[Records from a collection]
[Start of section]

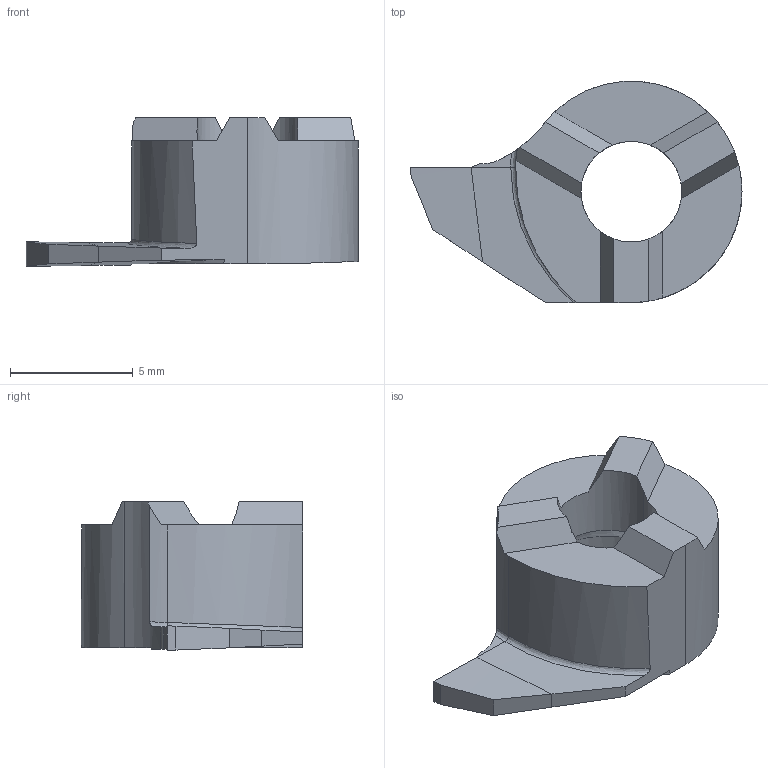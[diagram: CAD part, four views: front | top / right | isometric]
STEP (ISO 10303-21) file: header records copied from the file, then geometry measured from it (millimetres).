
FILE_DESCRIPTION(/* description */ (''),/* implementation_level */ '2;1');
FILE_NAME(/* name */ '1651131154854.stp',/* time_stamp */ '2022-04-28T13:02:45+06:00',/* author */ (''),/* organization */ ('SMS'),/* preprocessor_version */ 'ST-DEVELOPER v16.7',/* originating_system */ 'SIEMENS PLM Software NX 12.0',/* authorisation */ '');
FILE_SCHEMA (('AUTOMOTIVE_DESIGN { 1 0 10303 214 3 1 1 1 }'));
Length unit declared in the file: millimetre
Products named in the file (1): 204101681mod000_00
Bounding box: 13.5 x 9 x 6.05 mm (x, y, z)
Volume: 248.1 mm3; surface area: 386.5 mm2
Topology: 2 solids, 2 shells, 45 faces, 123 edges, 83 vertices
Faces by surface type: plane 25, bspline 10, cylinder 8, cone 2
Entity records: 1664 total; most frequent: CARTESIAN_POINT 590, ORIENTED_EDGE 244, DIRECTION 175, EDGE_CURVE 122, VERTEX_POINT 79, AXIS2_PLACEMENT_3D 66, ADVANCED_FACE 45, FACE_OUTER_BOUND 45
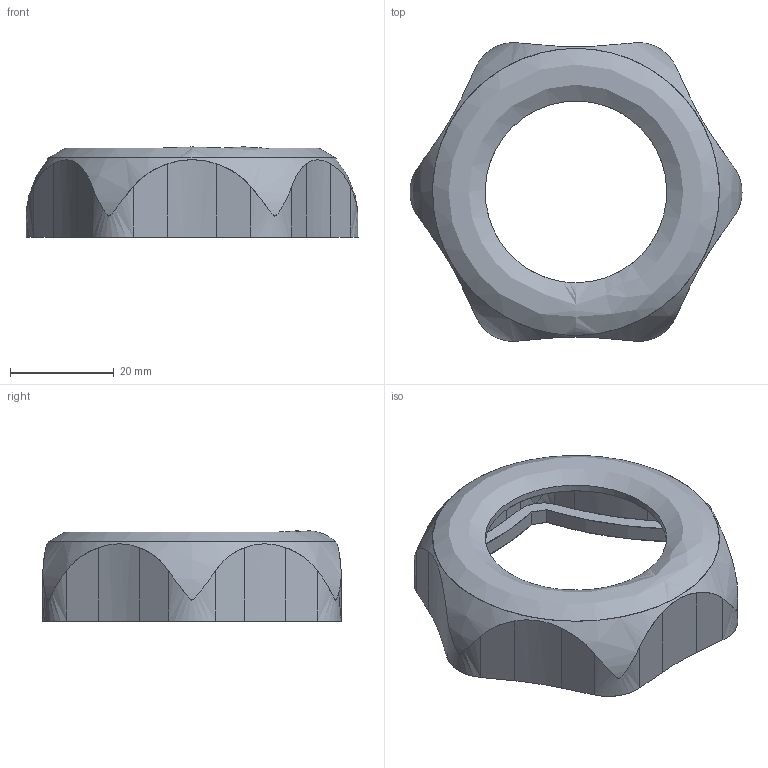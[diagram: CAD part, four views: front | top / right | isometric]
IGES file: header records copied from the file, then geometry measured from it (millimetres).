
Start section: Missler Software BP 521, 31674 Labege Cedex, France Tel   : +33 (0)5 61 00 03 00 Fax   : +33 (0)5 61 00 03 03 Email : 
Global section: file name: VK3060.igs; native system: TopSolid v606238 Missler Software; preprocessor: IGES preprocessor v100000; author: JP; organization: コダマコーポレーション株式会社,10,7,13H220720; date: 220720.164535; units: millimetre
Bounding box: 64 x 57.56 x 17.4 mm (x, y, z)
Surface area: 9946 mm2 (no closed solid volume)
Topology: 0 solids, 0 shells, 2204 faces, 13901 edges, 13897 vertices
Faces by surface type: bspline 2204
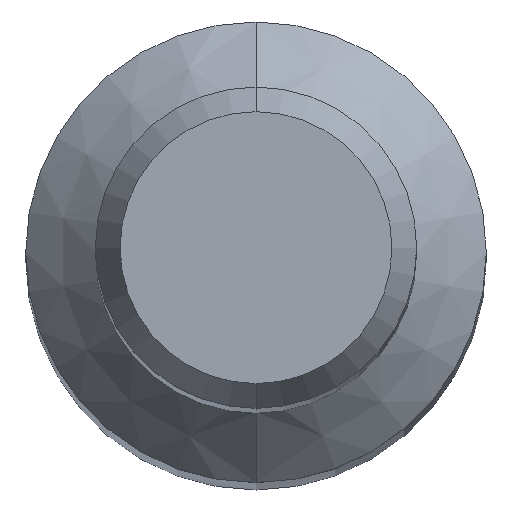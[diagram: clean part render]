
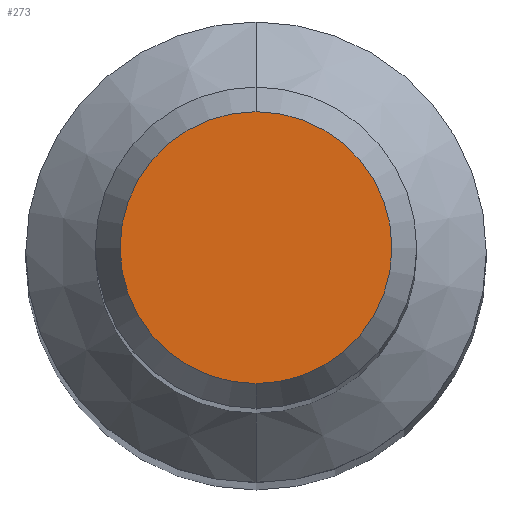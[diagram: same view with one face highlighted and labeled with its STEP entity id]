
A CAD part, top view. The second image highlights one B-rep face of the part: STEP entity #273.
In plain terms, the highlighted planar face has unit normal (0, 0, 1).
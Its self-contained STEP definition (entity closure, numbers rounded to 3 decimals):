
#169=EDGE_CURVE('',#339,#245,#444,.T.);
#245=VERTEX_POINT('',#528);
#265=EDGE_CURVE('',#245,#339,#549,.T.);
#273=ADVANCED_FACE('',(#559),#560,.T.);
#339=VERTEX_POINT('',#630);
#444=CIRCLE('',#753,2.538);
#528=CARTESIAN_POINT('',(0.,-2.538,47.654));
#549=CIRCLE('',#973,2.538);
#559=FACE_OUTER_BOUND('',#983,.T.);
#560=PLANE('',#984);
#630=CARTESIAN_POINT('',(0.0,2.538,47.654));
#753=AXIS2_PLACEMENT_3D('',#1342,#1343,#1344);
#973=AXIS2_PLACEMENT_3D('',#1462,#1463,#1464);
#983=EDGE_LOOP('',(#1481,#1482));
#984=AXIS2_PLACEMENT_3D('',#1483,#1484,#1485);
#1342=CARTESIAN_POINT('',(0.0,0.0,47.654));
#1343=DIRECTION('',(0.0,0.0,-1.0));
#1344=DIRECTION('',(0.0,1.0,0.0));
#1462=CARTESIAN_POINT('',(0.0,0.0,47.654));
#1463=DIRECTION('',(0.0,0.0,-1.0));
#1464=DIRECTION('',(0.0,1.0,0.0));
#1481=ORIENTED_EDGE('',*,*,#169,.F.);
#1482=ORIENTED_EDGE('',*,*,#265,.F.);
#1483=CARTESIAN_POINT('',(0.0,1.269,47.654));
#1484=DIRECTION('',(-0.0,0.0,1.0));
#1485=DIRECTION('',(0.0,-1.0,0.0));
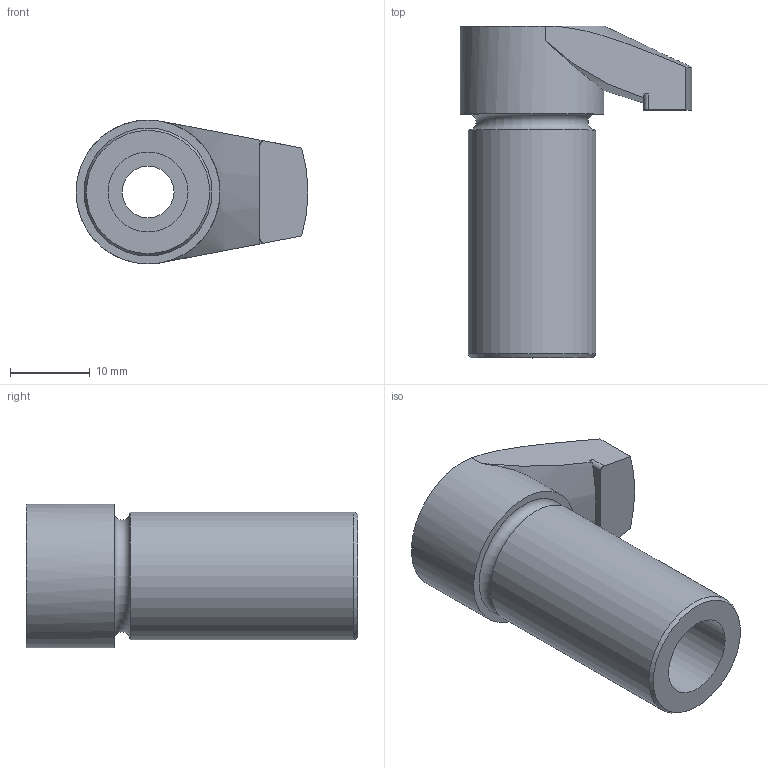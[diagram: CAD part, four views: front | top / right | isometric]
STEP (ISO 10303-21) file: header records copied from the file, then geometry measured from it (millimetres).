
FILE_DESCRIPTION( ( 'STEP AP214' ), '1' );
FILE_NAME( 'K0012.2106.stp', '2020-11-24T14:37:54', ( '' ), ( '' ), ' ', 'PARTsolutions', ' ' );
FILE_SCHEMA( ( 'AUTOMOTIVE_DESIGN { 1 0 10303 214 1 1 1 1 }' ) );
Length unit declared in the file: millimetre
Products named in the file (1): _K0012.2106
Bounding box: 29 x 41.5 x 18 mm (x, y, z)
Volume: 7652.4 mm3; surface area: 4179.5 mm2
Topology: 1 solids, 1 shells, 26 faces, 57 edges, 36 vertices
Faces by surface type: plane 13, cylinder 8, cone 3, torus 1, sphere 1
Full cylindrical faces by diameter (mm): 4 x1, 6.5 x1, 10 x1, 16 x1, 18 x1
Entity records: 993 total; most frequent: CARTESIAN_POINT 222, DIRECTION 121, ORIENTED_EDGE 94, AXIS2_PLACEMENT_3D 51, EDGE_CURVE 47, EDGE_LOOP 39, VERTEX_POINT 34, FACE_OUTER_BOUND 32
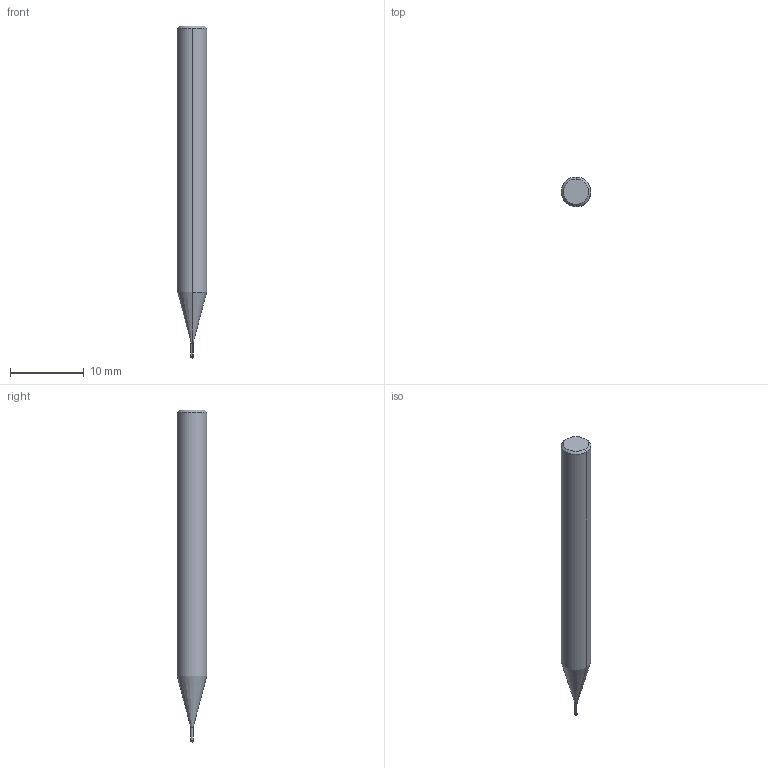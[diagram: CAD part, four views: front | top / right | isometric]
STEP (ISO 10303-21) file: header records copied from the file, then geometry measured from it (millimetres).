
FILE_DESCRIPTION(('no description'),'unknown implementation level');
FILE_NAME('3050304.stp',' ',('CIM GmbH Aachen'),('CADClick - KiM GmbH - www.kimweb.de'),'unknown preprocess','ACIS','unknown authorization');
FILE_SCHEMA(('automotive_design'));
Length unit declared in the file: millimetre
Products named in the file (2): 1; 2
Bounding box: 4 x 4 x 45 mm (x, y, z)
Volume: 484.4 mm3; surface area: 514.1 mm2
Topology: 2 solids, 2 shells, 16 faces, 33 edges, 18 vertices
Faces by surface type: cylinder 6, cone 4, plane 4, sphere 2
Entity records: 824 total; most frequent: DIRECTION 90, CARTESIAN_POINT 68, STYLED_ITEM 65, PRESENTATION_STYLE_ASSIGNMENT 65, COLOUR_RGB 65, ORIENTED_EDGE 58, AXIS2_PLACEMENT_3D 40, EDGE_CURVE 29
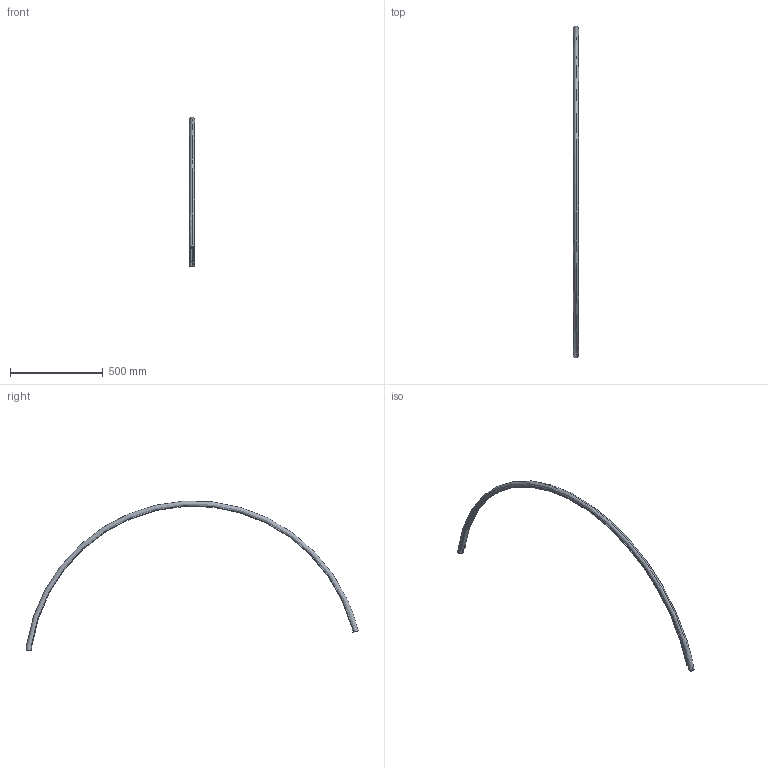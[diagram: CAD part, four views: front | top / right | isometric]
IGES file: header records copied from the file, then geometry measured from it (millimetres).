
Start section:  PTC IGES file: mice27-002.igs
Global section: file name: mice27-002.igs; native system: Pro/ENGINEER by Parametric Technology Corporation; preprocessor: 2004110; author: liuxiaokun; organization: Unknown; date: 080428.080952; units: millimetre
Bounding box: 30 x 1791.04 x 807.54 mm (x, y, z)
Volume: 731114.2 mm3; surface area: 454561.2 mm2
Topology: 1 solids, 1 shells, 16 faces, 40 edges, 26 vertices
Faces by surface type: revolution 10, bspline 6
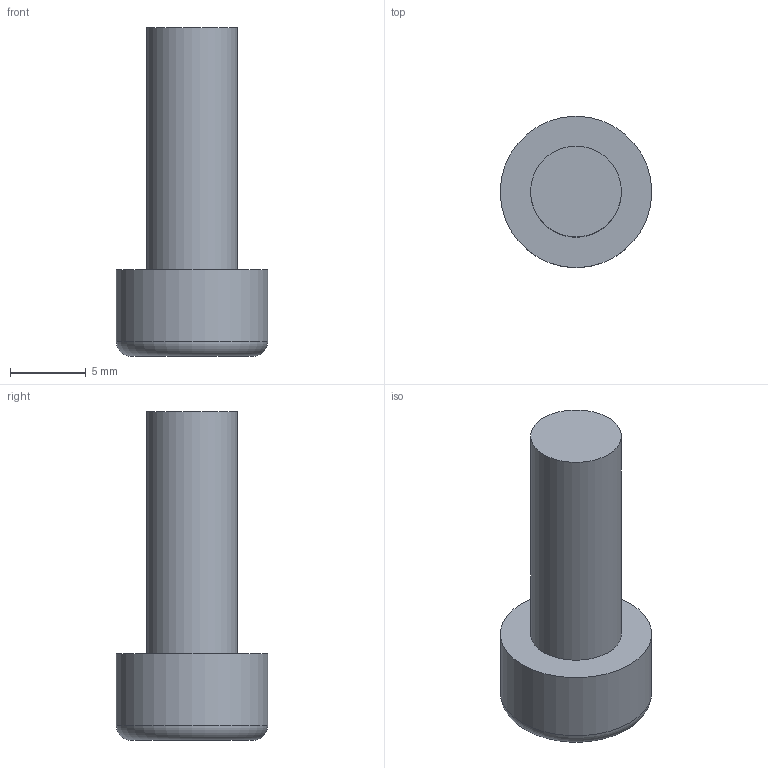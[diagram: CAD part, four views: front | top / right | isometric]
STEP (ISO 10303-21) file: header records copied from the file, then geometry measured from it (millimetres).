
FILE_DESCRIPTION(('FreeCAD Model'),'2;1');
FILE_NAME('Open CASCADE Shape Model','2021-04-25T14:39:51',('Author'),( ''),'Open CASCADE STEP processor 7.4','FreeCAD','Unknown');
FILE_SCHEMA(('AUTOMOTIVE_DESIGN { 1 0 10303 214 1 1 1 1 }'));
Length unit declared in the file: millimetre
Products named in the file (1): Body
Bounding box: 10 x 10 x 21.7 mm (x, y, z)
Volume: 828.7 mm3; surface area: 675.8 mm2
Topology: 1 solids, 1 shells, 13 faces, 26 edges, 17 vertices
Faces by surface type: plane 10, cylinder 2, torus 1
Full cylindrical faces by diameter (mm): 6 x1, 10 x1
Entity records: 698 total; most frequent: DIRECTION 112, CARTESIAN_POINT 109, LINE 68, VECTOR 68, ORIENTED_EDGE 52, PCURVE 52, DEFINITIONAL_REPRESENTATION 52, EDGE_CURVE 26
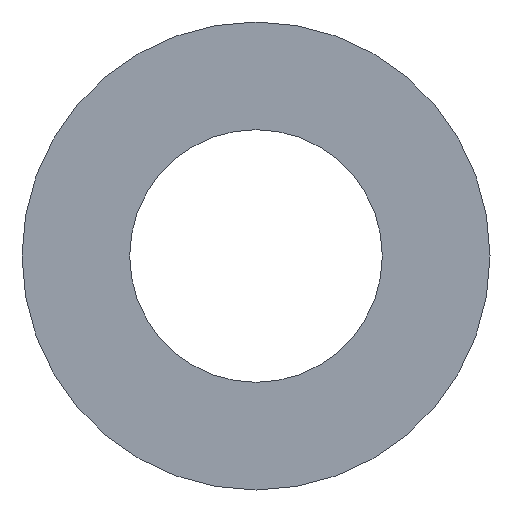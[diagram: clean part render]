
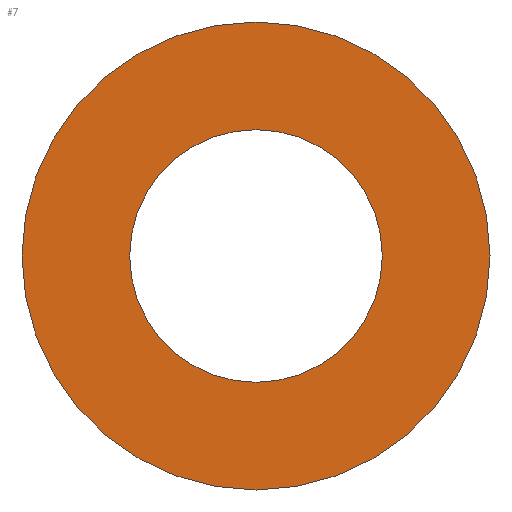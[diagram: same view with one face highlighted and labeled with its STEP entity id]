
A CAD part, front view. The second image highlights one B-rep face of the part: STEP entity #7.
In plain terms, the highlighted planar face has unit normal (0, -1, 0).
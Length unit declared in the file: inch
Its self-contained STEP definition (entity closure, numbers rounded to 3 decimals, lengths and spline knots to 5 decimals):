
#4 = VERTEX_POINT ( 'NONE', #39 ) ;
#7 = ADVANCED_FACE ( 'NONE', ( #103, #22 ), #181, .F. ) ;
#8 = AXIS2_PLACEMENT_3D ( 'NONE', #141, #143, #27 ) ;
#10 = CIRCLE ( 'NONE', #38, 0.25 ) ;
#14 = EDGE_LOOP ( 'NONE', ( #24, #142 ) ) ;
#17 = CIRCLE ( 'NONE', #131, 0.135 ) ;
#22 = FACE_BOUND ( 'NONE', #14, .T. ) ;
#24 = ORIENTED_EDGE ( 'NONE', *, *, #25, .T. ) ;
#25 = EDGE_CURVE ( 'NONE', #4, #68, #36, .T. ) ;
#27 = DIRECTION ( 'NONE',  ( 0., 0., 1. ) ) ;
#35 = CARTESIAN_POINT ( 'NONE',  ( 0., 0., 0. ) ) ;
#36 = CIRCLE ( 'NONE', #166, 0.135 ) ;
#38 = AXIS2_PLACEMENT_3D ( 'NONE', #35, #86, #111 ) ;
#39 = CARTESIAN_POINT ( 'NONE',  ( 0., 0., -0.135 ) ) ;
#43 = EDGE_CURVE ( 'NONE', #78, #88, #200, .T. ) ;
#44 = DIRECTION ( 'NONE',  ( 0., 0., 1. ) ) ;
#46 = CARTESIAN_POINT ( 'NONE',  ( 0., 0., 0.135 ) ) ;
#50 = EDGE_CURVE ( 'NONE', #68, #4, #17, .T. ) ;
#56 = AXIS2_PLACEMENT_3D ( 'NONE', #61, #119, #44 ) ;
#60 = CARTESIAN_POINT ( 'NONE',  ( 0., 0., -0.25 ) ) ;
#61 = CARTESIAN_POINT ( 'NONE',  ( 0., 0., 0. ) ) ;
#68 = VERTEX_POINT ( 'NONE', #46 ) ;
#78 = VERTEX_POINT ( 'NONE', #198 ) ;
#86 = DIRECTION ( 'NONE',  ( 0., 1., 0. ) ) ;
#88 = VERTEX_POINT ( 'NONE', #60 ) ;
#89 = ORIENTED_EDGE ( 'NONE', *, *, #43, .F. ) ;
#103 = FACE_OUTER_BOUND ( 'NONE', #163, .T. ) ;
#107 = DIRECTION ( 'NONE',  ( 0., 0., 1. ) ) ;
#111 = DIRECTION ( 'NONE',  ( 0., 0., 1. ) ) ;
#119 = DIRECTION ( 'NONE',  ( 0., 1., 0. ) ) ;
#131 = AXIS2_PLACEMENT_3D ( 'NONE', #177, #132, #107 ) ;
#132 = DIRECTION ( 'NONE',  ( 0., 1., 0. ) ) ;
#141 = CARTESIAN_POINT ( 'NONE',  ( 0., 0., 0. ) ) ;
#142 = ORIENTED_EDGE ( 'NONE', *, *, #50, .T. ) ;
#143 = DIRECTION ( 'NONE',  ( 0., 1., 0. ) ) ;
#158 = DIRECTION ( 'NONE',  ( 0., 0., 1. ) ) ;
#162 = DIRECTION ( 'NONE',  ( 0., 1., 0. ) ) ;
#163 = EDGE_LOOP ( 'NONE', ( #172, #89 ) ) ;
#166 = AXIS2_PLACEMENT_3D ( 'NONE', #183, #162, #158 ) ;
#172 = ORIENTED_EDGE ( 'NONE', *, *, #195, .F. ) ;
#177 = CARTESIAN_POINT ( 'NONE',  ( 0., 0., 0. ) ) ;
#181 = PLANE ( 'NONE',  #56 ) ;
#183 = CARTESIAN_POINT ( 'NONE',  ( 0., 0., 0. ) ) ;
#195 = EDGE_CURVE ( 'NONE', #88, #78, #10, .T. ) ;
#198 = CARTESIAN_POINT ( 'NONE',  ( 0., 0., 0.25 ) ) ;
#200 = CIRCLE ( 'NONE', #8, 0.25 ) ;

[End of section]

▸ **What you should do**:
Look over the records above and filter for each line with the word "Bounding".

▸ **Written solution**:
Bounding box: 13.5 x 9 x 6.05 mm (x, y, z)
Bounding box: 64 x 57.56 x 17.4 mm (x, y, z)
Bounding box: 29 x 41.5 x 18 mm (x, y, z)
Bounding box: 4 x 4 x 45 mm (x, y, z)
Bounding box: 30 x 1791.04 x 807.54 mm (x, y, z)
Bounding box: 10 x 10 x 21.7 mm (x, y, z)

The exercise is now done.